陈默每走一步,就觉得那个冰冷且震动的巨大异物像是要往更深处的结肠里钻,那种酸麻、肿胀、却又伴随着尖锐快感的电流直接顺着脊椎炸开。
他的脚趾在水晶高跟鞋里死死地蜷缩着,大腿内侧的软肉因为极力夹紧而剧烈颤抖。
他必须忍住。必须用那已经被操得甚至有些合不拢的屁眼,死死地咬住这个巨大的玩物。
因为那个高高在上的黑人主人说过,这是四姨太的“入场考验”。
如果这个曾经是“男儿身”的屁股,能在走到主人面前时,不把这个大家伙漏出来,甚至不喷出里面灌满的灌肠液……今晚,他就能得到那根只能在梦里独享的、巨大黑屌的“最深处宠爱”。
“真美啊,我的小贱货们。

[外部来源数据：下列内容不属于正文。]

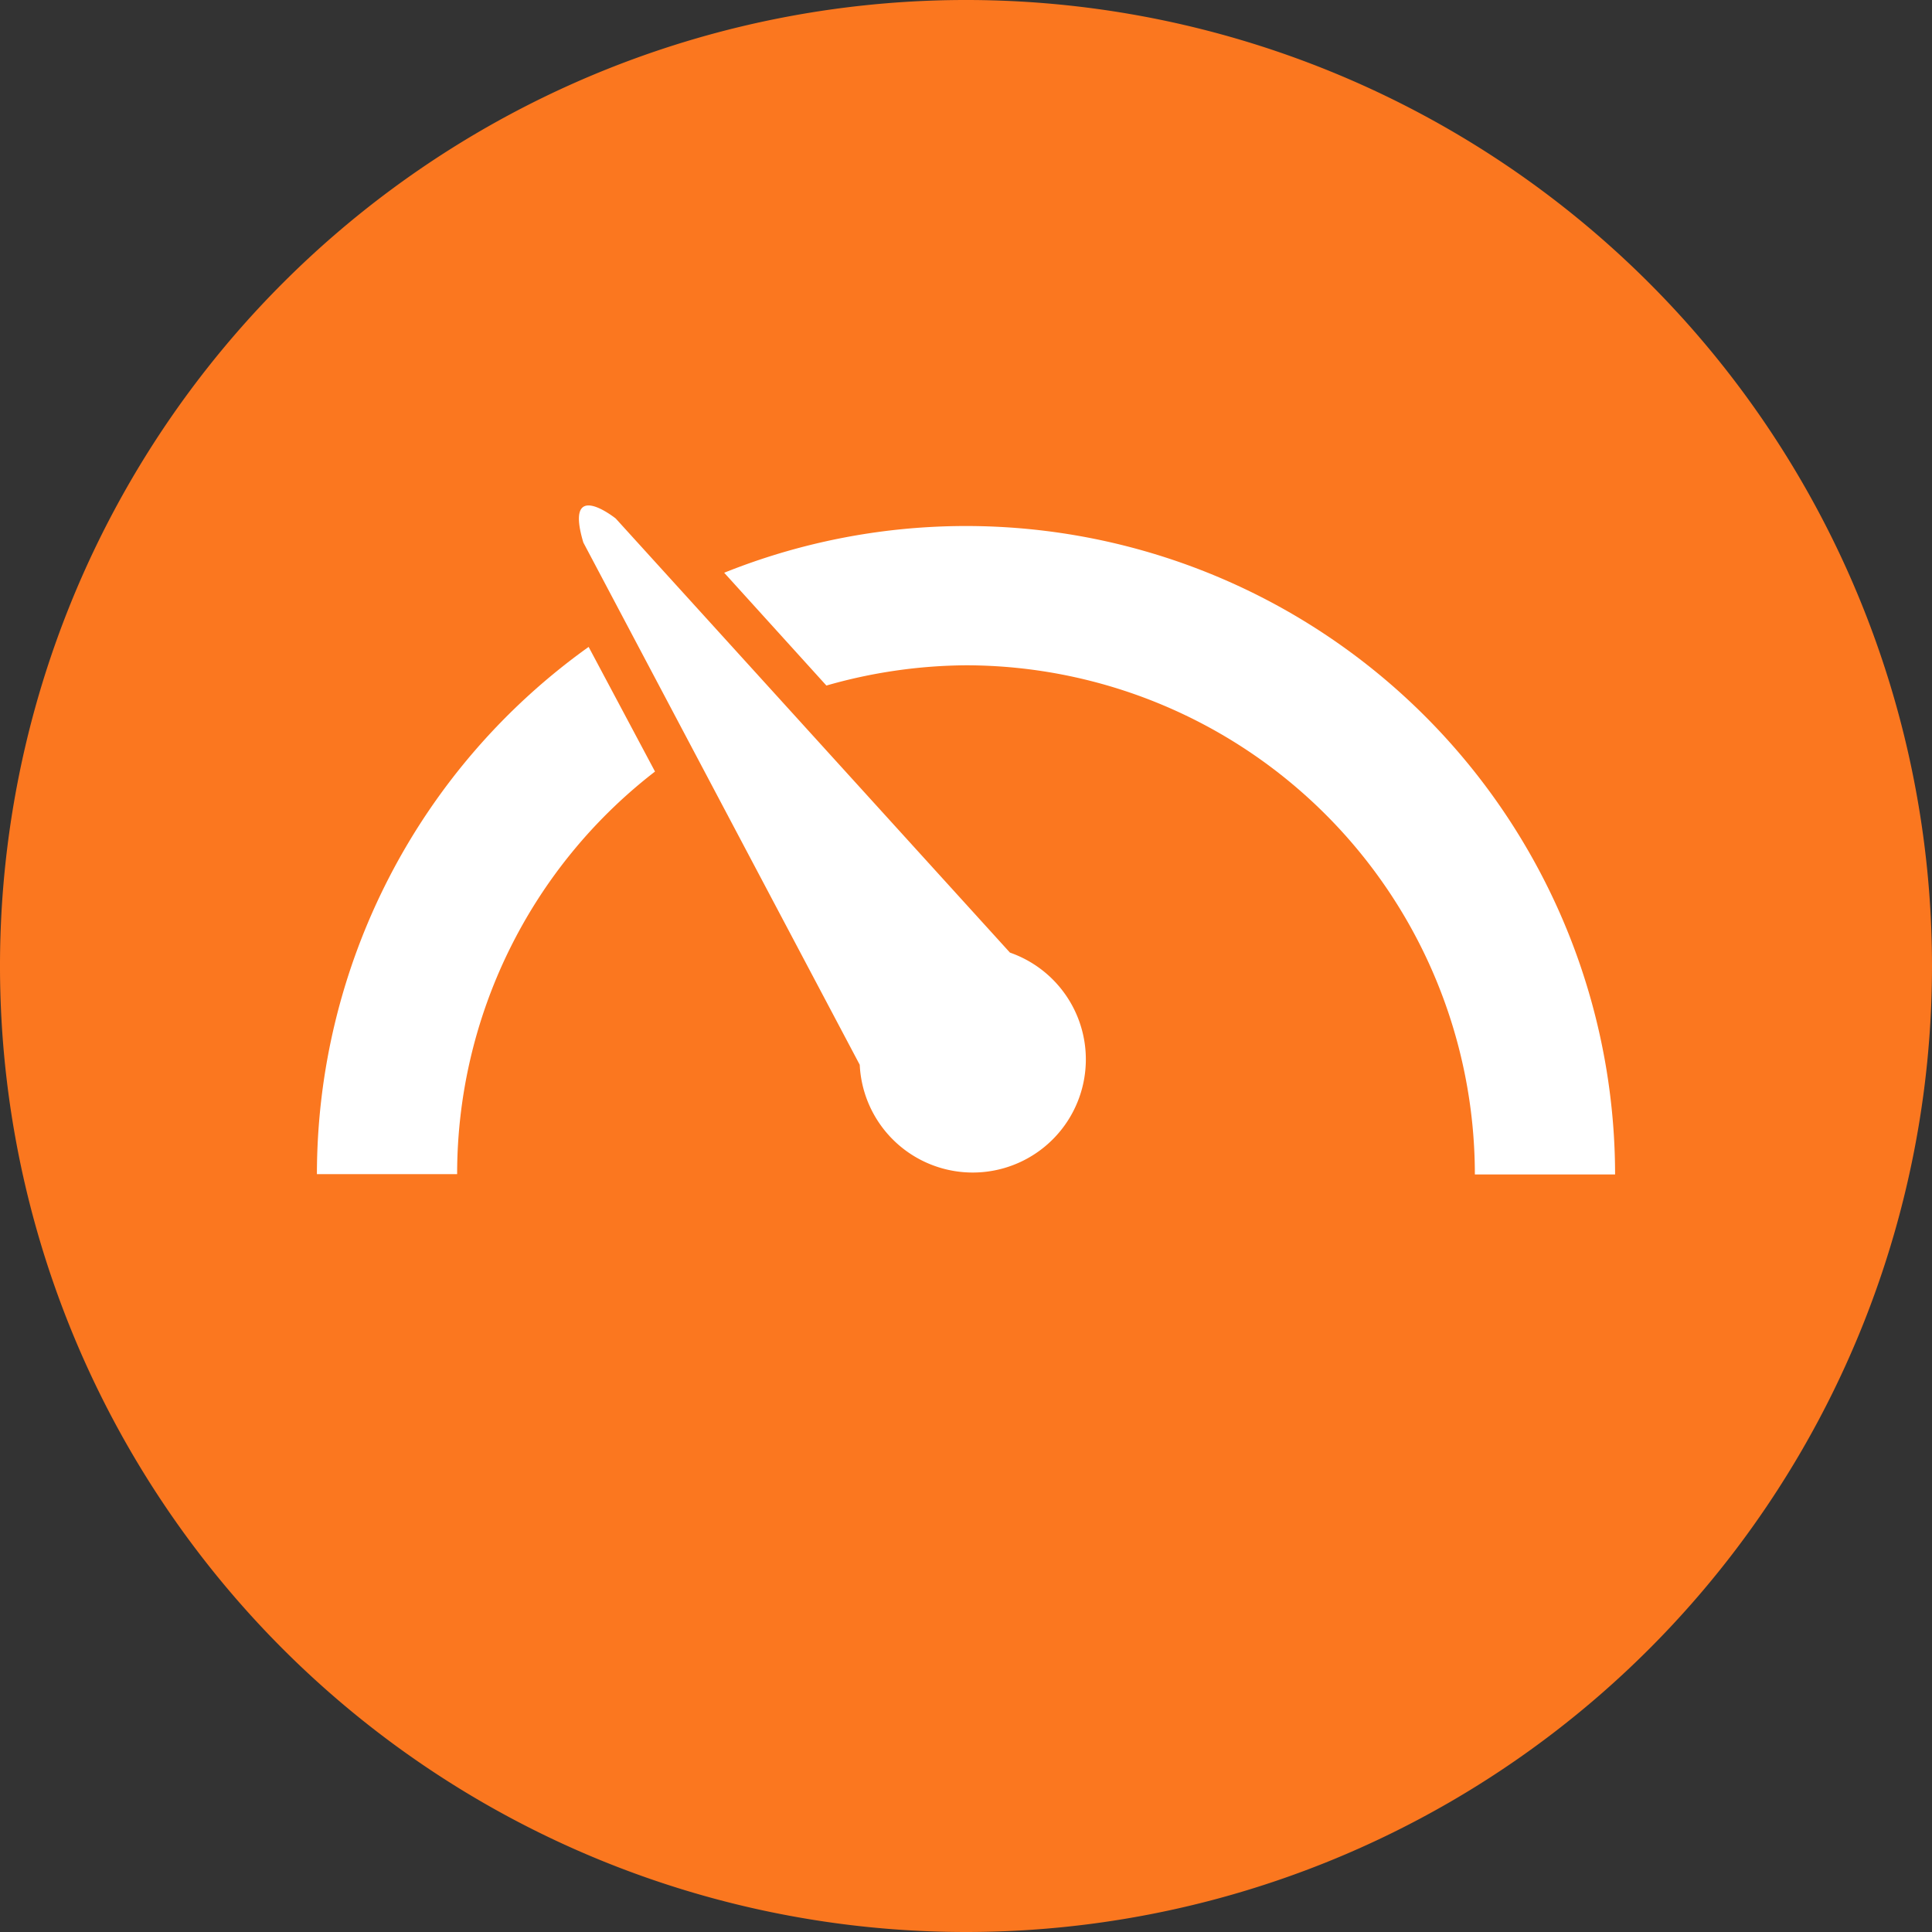 <svg id="Layer_1" data-name="Layer 1" xmlns="http://www.w3.org/2000/svg" viewBox="0 0 62 62"><rect x="0" y="0" width="62" height="62" fill="#333333" stroke="none"/><defs><style>.cls-1{fill:#fb771f;}.cls-2{fill:#fff;}</style></defs><path class="cls-1" d="M31,62A31,31,0,1,1,62,31,31,31,0,0,1,31,62Z"/><path class="cls-2" d="M26.52,22l-3.28-3.62A20.83,20.83,0,0,1,51.83,37.69h-4.5A16.35,16.35,0,0,0,31,21.35,16.6,16.6,0,0,0,26.52,22Z"/><path class="cls-2" d="M18.89,20.76l2.13,4a16.32,16.32,0,0,0-6.35,12.92h-4.5A20.82,20.82,0,0,1,18.89,20.76Z"/><path class="cls-2" d="M19.76,16.64,32.41,30.57a3.63,3.63,0,1,1-4.82,3.6L18.72,17.41C18.09,15.3,19.76,16.64,19.76,16.64Z"/></svg>

真是一群无论什么时候看都会让人硬得发疼的好畜生。”
当四位新娘终于走到红毯尽头,在那股强大的雄性威压下齐刷刷地提着裙摆、如同多米诺骨牌般跪下时,黑人依然坐在那张象征权力的丝绒高背椅上。
他甚至懒得起身,只是发出一声充满了肉欲与满足的叹息。
从四具不同的雌性肉体上散发出的那股混合着奶香、尿骚味、肠液味以及浓烈雌性荷尔蒙的味道,像是一剂强心针,让他下半身那团凸起更加狰狞。
他没有按照任何该死的传统婚礼流程去绅士地牵手或亲吻手背。